I formed a (University owned) start-up company to commercialise the technology in 2009. The company has since received over $3M in Venture capital, has 5 engineers, released version 1.1 of the software, signed partnership agreements with Milestone and DVTel and an international distribution agreement Pacific Communications, deployed the system at a major Australian airport, and is currently negotiating an arrangement with Honeywell, a major supplier of surveillance systems. The CTO of the company is one of the members of the team I formed to carry out the research, and I serve as a member of the board. Interactive Image-based Modelling

My team and I pioneered the development of interactive technologies for generating 3D models that accurately reflect the shapes of objects depicted in image sets. This process is a key step in a number of processes in film postproduction, visualisation and simulation, but its greatest potential lies in user-created 3D content. This was the first published work in interactive structure-from-motion, a field which has since gone on to become popular amongst researchers and in industry.

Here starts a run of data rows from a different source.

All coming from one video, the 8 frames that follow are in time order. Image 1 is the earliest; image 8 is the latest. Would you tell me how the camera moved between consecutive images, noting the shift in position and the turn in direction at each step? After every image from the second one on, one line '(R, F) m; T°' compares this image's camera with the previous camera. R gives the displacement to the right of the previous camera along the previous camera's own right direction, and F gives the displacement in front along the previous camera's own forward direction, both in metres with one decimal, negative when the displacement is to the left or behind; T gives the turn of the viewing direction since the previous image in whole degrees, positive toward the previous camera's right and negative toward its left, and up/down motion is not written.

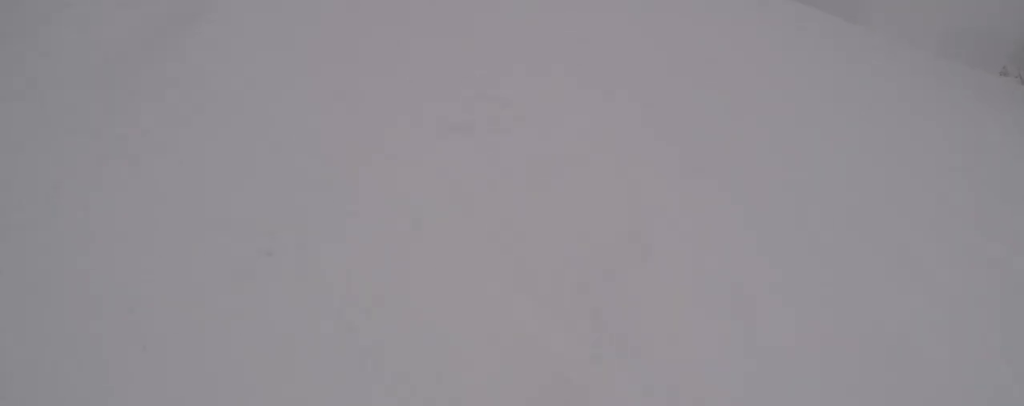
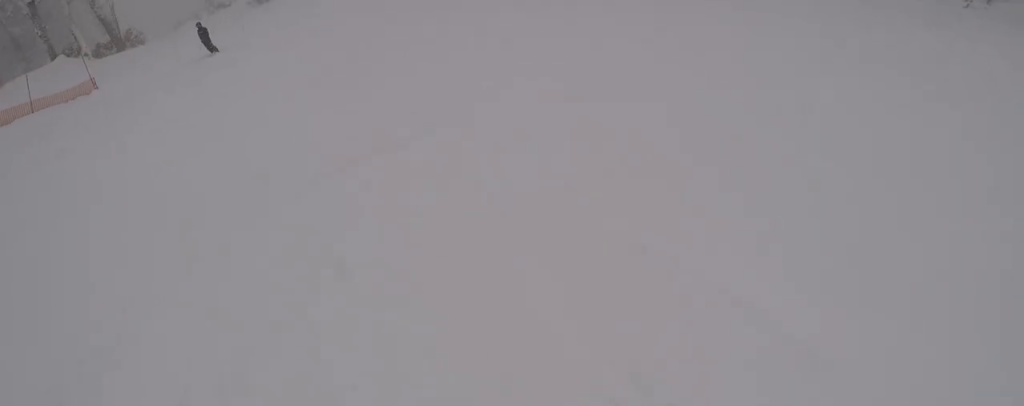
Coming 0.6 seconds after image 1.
(-0.2, +6.8) m; +6°
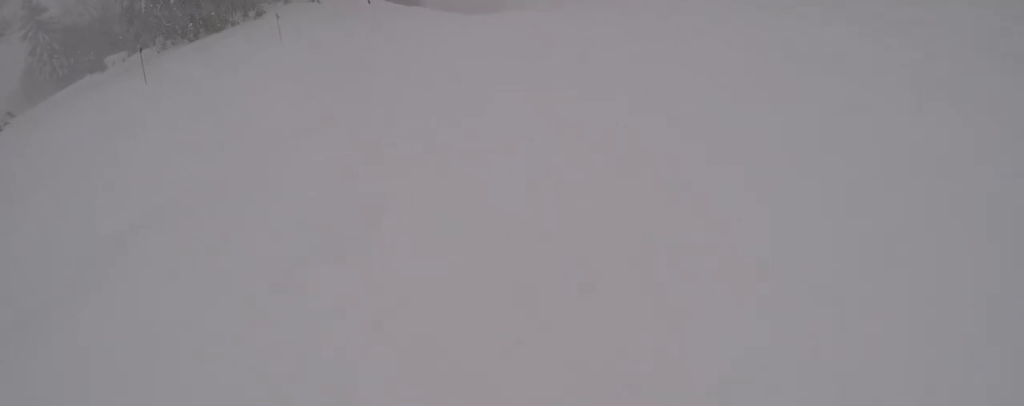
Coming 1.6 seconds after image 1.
(+1.2, +9.9) m; +28°
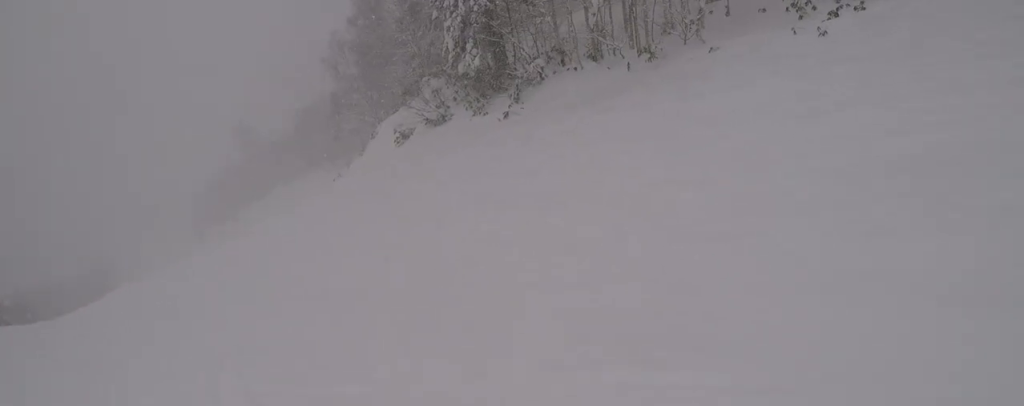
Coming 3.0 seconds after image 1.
(+6.2, +12.4) m; +40°
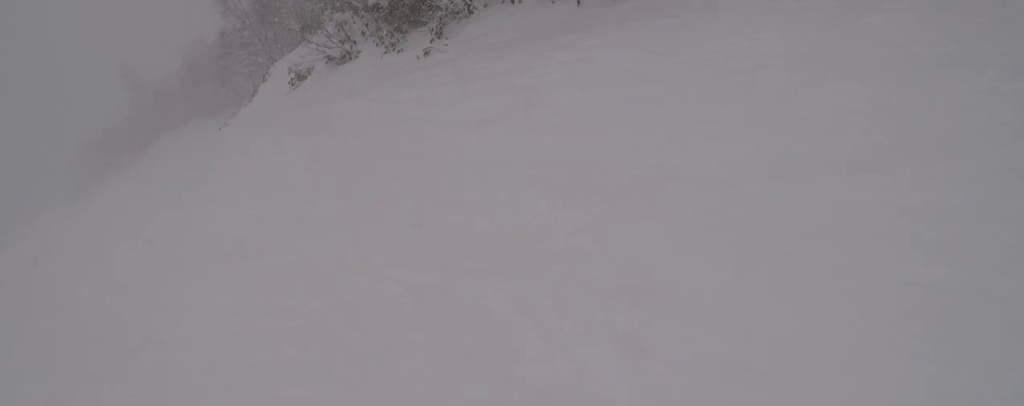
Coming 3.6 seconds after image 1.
(+0.5, +5.3) m; +6°
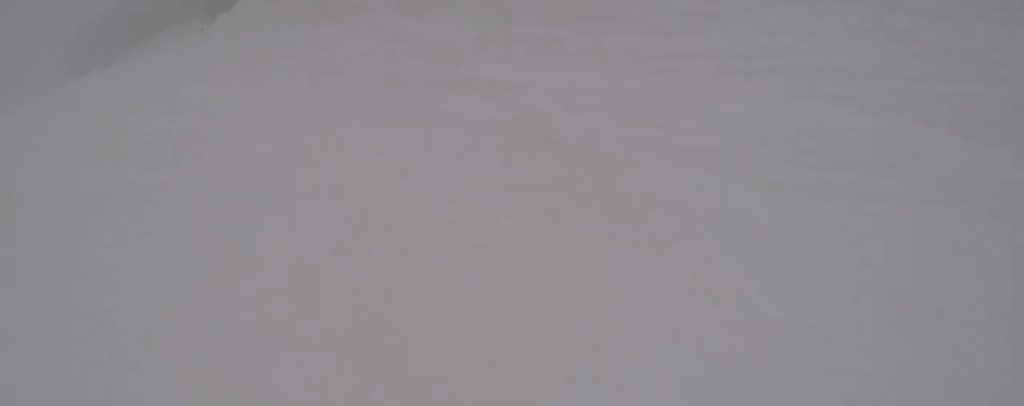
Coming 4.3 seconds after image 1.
(+0.6, +7.3) m; 0°
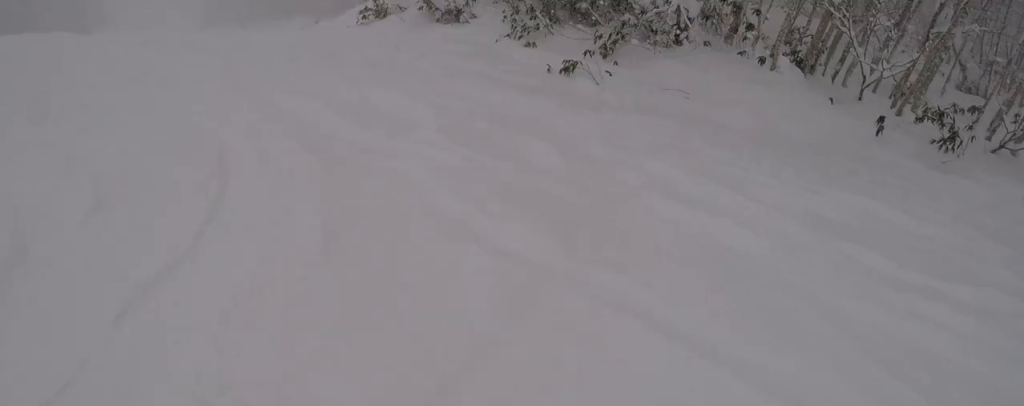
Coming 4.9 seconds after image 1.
(-0.5, +5.6) m; -8°
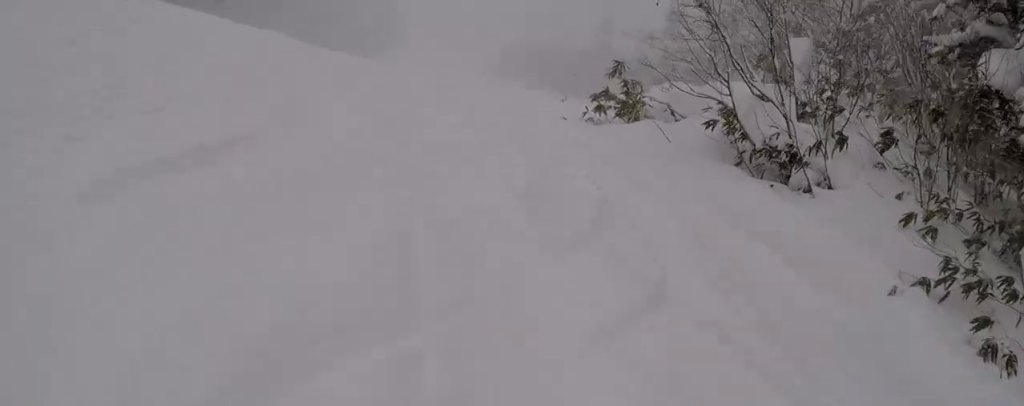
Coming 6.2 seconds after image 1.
(-1.5, +10.0) m; -36°

Videotrace, one piece of work in this area, is innovative in that it allows a user to control the application of a set of sophisticated Computer Vision algorithms through a set of powerful yet intuitive interactions, informed by structure-from-motion analysis. Although not our first work in the area, Videotrace was the first to have a significant global impact. The work was published in SIGGRAPH, which is the single most prestigious venue in Computer Graphics, the YouTube video for VideoTrace has been viewed over 273,000 times, and the technical web page for the project has had over 400,000 views. Prior to this research there was a view within Computer Vision that interaction is an indication of a failed attempt at automation rather than a critical tool in generating outcomes of practical significance. Interactive image-based modelling has since become a focus of both research and commercial attention. Autodesk, and Google, amongst others, have since released tools that follow the Videotrace approach to interactive image-based modelling.